◆ INSTRUCTIONS TO FOLLOW ◆
Scan the records for lines with the word "Stroke", and copy every such line.

[Data entries]
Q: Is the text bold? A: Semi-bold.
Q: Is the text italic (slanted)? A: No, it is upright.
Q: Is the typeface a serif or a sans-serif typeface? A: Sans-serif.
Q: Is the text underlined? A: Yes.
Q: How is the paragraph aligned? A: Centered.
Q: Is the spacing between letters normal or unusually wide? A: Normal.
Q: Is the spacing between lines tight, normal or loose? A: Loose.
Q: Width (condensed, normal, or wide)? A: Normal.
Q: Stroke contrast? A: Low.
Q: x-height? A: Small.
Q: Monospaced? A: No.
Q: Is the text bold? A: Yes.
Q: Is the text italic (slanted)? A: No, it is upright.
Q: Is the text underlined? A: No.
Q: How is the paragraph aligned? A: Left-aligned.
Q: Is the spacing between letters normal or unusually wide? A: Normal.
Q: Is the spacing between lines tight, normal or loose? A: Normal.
---
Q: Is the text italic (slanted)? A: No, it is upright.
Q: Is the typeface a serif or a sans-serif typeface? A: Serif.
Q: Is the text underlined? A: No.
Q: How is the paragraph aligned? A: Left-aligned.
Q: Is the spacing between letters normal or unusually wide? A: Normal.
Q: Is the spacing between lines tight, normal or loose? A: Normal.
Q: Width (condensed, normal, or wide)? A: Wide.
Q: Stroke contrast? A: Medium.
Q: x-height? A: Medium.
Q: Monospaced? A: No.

◆ RESULT ◆
Q: Stroke contrast? A: Low.
Q: Stroke contrast? A: Medium.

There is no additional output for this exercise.